2.       Grant of Rights and Transfer of Materials.

      2.1       Licensed Patent Rights and Technology. Subject to the terms and conditions hereof, including MULTICELL's retained rights pursuant to Section 2.2 herein, MULTICELL hereby grants to XENOTECH and its Affiliates during the Term, as defined below, an exclusive license under the MultiCell Technologies within the XENOTECH Field and Territory to develop, have developed, make, have made, use, have used, import, have imported, Sell, offer for Sale and have Sold Licensed Products and Licensed Services. XENOTECH'S right and license includes, but is not limited to, the exclusive right to propagate, sub-license and sell the Cell Lines, and Cell Line Improvements, and to manufacture and sell the MFE and their Permitted Improvements. For purposes of clarity, XENOTECH'S right and license will be used both within XENOTECH for its internal research and development and for contract research performed by XENOTECH for third parties, and by XENOTECH, its distributors and sales representatives in distribution, sales and sublicenses to third parties.

      2.2       MULTICELL Retained Rights. MULTICELL maintains all rights in the MultiCell Technologies and Improvements within the MULTICELL Field. In addition, MULTICELL shall have the retained right to continue its research and development efforts within the XENOTECH Field, including collaborative efforts with third parties, subject to the rights of XENOTECH, if any, as provided herein, however, MULTICELL shall not directly or indirectly license or sell the Cell Lines, Cell Line Improvements or MFE and their Permitted Improvements within the XENOTECH Field.

      2.3       XENOTECH Retained Rights . XENOTECH represents that it currently has the technology and know-how to immortalize mammalian cells, isolate stem cells from mammalian livers, and transplant immortalized cells (including human hepatocytes) or stem cells for therapy and treatment of human and animal diseases that does not involve the use of the Cell Lines or other MultiCell Technologies. Accordingly, XENOTECH retains the right to work by itself or with third parties engaged in research in the immortalization of mammalian cells, isolation of stem cells from mammalian livers, and transplantation of immortalized cells (including human hepatocytes) or stem cells for therapy and treatment of human and animal diseases, provided, however, that such work is not based on the Confidential Information, Trade Secrets, Know-How, Patent Rights or other MultiCell Technologies or Improvements.
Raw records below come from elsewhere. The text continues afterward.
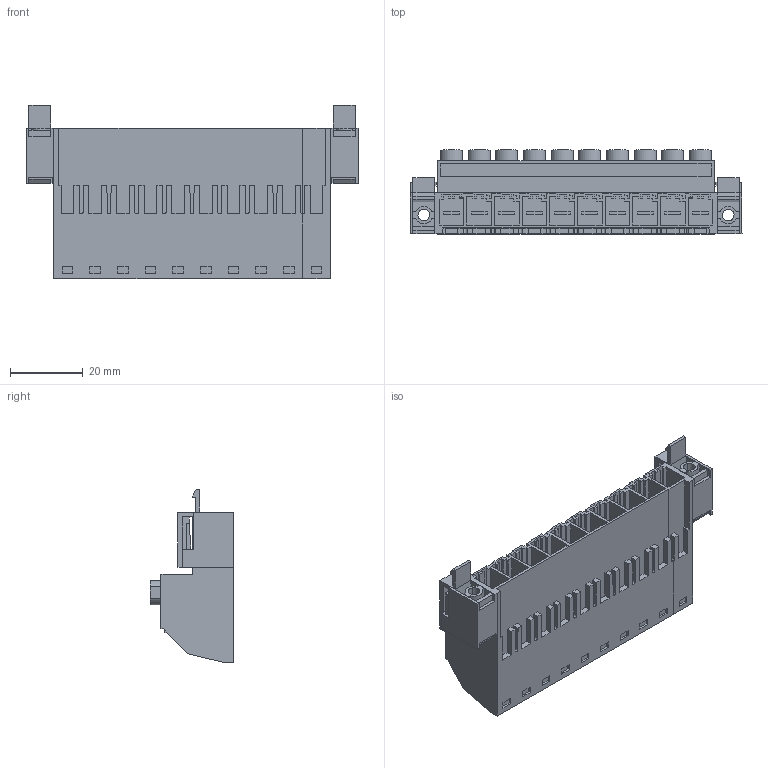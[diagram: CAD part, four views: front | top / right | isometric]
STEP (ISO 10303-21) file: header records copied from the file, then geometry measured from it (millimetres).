
FILE_DESCRIPTION(('CATIA V5 STEP Exchange','CAx-IF Rec.Pracs.--- Model Styling and Organization---1.4--- 2014-01-23'),'2;1');
FILE_NAME ('D1561360_0_1950960000_1950960000.stp','2023-02-01T13:14:10+00:00',('none'),('Weidmueller'),'CATIA Version 5-6 Release 2016 SP3 HF44','CATIA V5 STEP AP214','none');
FILE_SCHEMA(('AUTOMOTIVE_DESIGN { 1 0 10303 214 1 1 1 1 }'));
Length unit declared in the file: millimetre
Products named in the file (1): 1950960000
Bounding box: 91.44 x 23.1 x 47.75 mm (x, y, z)
Volume: 33844 mm3; surface area: 26942.7 mm2
Topology: 25 solids, 25 shells, 985 faces, 2691 edges, 1803 vertices
Faces by surface type: plane 905, cylinder 80
Entity records: 29274 total; most frequent: ORIENTED_EDGE 5382, CARTESIAN_POINT 5191, DIRECTION 3786, EDGE_CURVE 2691, VECTOR 2454, LINE 2454, VERTEX_POINT 1803, EDGE_LOOP 1040
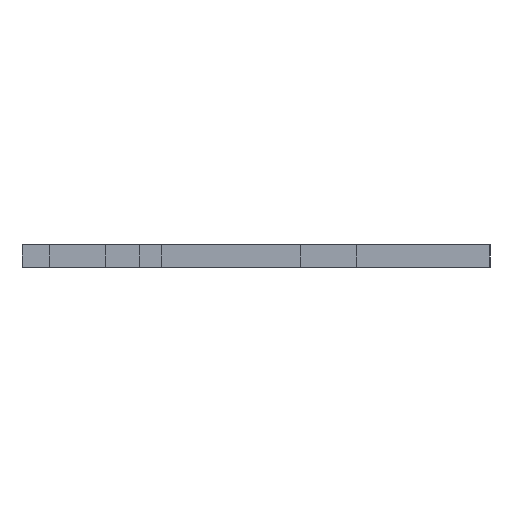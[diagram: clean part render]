
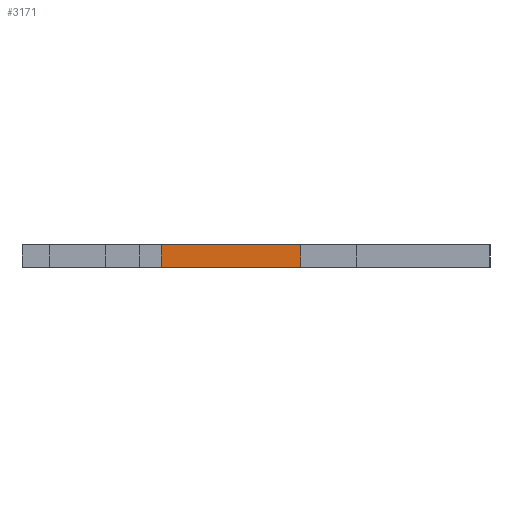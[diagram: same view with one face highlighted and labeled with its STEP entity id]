
A CAD part, left-side view. The second image highlights one B-rep face of the part: STEP entity #3171.
In plain terms, the highlighted planar face has unit normal (-1, 0, 0).
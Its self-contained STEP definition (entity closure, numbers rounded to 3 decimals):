
#87=FACE_OUTER_BOUND('',#260,.T.);
#260=EDGE_LOOP('',(#2355,#2356,#2357,#2358));
#486=LINE('',#4403,#942);
#628=LINE('',#4688,#1084);
#629=LINE('',#4689,#1085);
#630=LINE('',#4690,#1086);
#942=VECTOR('',#3568,10.);
#1084=VECTOR('',#3760,10.);
#1085=VECTOR('',#3761,10.);
#1086=VECTOR('',#3762,10.);
#1389=VERTEX_POINT('',#4400);
#1390=VERTEX_POINT('',#4402);
#1507=VERTEX_POINT('',#4686);
#1508=VERTEX_POINT('',#4687);
#1702=EDGE_CURVE('',#1389,#1390,#486,.T.);
#1844=EDGE_CURVE('',#1507,#1508,#628,.T.);
#1845=EDGE_CURVE('',#1390,#1507,#629,.T.);
#1846=EDGE_CURVE('',#1508,#1389,#630,.T.);
#2355=ORIENTED_EDGE('',*,*,#1844,.F.);
#2356=ORIENTED_EDGE('',*,*,#1845,.F.);
#2357=ORIENTED_EDGE('',*,*,#1702,.F.);
#2358=ORIENTED_EDGE('',*,*,#1846,.F.);
#3017=PLANE('',#3339);
#3171=ADVANCED_FACE('',(#87),#3017,.F.);
#3339=AXIS2_PLACEMENT_3D('',#4685,#3758,#3759);
#3568=DIRECTION('',(0.,1.,0.));
#3758=DIRECTION('center_axis',(1.,0.,0.));
#3759=DIRECTION('ref_axis',(0.,-1.,0.));
#3760=DIRECTION('',(0.,-1.,0.));
#3761=DIRECTION('',(0.,0.,1.));
#3762=DIRECTION('',(0.,0.,-1.));
#4400=CARTESIAN_POINT('',(-271.5,-50.,-37.5));
#4402=CARTESIAN_POINT('',(-271.5,-25.,-37.5));
#4403=CARTESIAN_POINT('',(-271.5,-40.465,-37.5));
#4685=CARTESIAN_POINT('Origin',(-271.5,3.07,188.5));
#4686=CARTESIAN_POINT('',(-271.5,-25.,-33.5));
#4687=CARTESIAN_POINT('',(-271.5,-50.,-33.5));
#4688=CARTESIAN_POINT('',(-271.5,-19.715,-33.5));
#4689=CARTESIAN_POINT('',(-271.5,-25.,76.25));
#4690=CARTESIAN_POINT('',(-271.5,-50.,76.25));
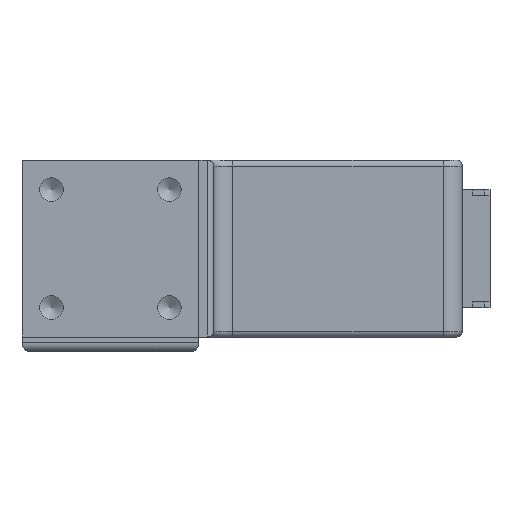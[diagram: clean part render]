
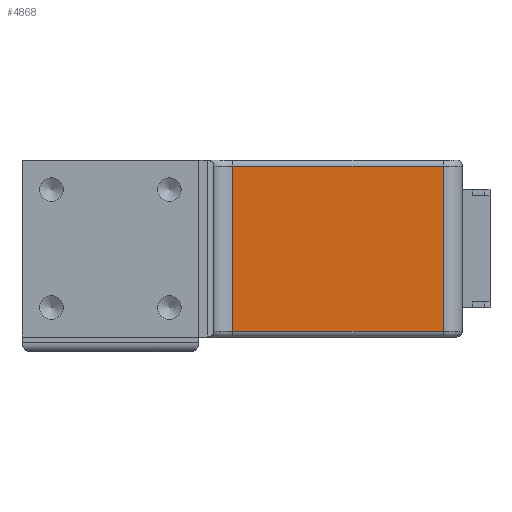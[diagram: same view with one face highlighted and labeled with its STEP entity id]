
A CAD part, left-side view. The second image highlights one B-rep face of the part: STEP entity #4868.
In plain terms, the highlighted planar face has unit normal (-1, 0, 0).
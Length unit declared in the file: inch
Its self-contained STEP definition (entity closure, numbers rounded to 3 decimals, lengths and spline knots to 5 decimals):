
#140=FACE_OUTER_BOUND('',#393,.T.);
#393=EDGE_LOOP('',(#3123,#3124,#3125,#3126));
#797=LINE('',#6877,#1366);
#801=LINE('',#6898,#1370);
#803=LINE('',#6906,#1372);
#805=LINE('',#6909,#1374);
#1366=VECTOR('',#5560,0.3937);
#1370=VECTOR('',#5588,0.3937);
#1372=VECTOR('',#5600,0.3937);
#1374=VECTOR('',#5604,0.3937);
#1939=VERTEX_POINT('',#6867);
#1941=VERTEX_POINT('',#6873);
#1946=VERTEX_POINT('',#6892);
#1947=VERTEX_POINT('',#6896);
#2403=EDGE_CURVE('',#1939,#1941,#797,.T.);
#2414=EDGE_CURVE('',#1946,#1947,#801,.T.);
#2418=EDGE_CURVE('',#1946,#1941,#803,.T.);
#2420=EDGE_CURVE('',#1947,#1939,#805,.T.);
#3123=ORIENTED_EDGE('',*,*,#2403,.F.);
#3124=ORIENTED_EDGE('',*,*,#2420,.F.);
#3125=ORIENTED_EDGE('',*,*,#2414,.F.);
#3126=ORIENTED_EDGE('',*,*,#2418,.T.);
#4416=PLANE('',#5163);
#4868=ADVANCED_FACE('',(#140),#4416,.T.);
#5163=AXIS2_PLACEMENT_3D('',#6908,#5602,#5603);
#5560=DIRECTION('',(0.,-1.,0.));
#5588=DIRECTION('',(0.,1.,0.));
#5600=DIRECTION('',(0.,0.,1.));
#5602=DIRECTION('center_axis',(-1.,0.,0.));
#5603=DIRECTION('ref_axis',(0.,-1.,0.));
#5604=DIRECTION('',(0.,0.,1.));
#6867=CARTESIAN_POINT('',(0.32943,-0.28209,0.76505));
#6873=CARTESIAN_POINT('',(0.32943,-0.98609,0.76505));
#6877=CARTESIAN_POINT('',(0.32943,-0.45658,0.76505));
#6892=CARTESIAN_POINT('',(0.32943,-0.98609,0.21405));
#6896=CARTESIAN_POINT('',(0.32943,-0.28209,0.21405));
#6898=CARTESIAN_POINT('',(0.32943,-0.45658,0.21405));
#6906=CARTESIAN_POINT('',(0.32943,-0.98609,0.19405));
#6908=CARTESIAN_POINT('Origin',(0.32943,-0.28209,0.19405));
#6909=CARTESIAN_POINT('',(0.32943,-0.28209,0.19405));

      2.4       Sublicenses. XENOTECH shall have the right to grant sublicenses, provided, that any sublicenses granted by XENOTECH shall provide that relevant obligations to MULTICELL contained in this Agreement shall be binding upon the sublicensees. In this regard, MULTICELL AND XENOTECH shall, within twenty (20) days of the Effective Date, jointly develop a Limited License Agreement, a Limited Use Agreement or other agreements (the "Form Agreements") to be utilized by XENOTECH for any sublicense or other transfer of the Cell Lines, Cell Line Technology, MFE, Permitted Improvements or other MultiCell Technologies. XENOTECH shall utilize the Form Agreements and provide MULTICELL with a true and accurate copy of any and all executed Form Agreements from all clients and/or third parties sublicensing, buying or obtaining access to the Cell Lines, Cell Line Technology, MFE, Permitted Improvements or other MultiCell Technologies, and any modification or termination thereof, within thirty (30) days after execution, modification, or termination. Any material variance from these Form Agreements must be approved by MULTICELL prior to execution, which approval will not be unreasonably withheld, conditioned or delayed. Any sub-distributors, sales agents or the like employed by XENOTECH, its Affiliates or sublicensees shall be bound by the same conditions contained in this Agreement. Any sublicenses (or other Form Agreements) shall survive termination of XENOTECH'S license subject to such sublicensee's or other third party's agreement to be bound directly to MULTICELL under the terms of such sublicense or other Form Agreement.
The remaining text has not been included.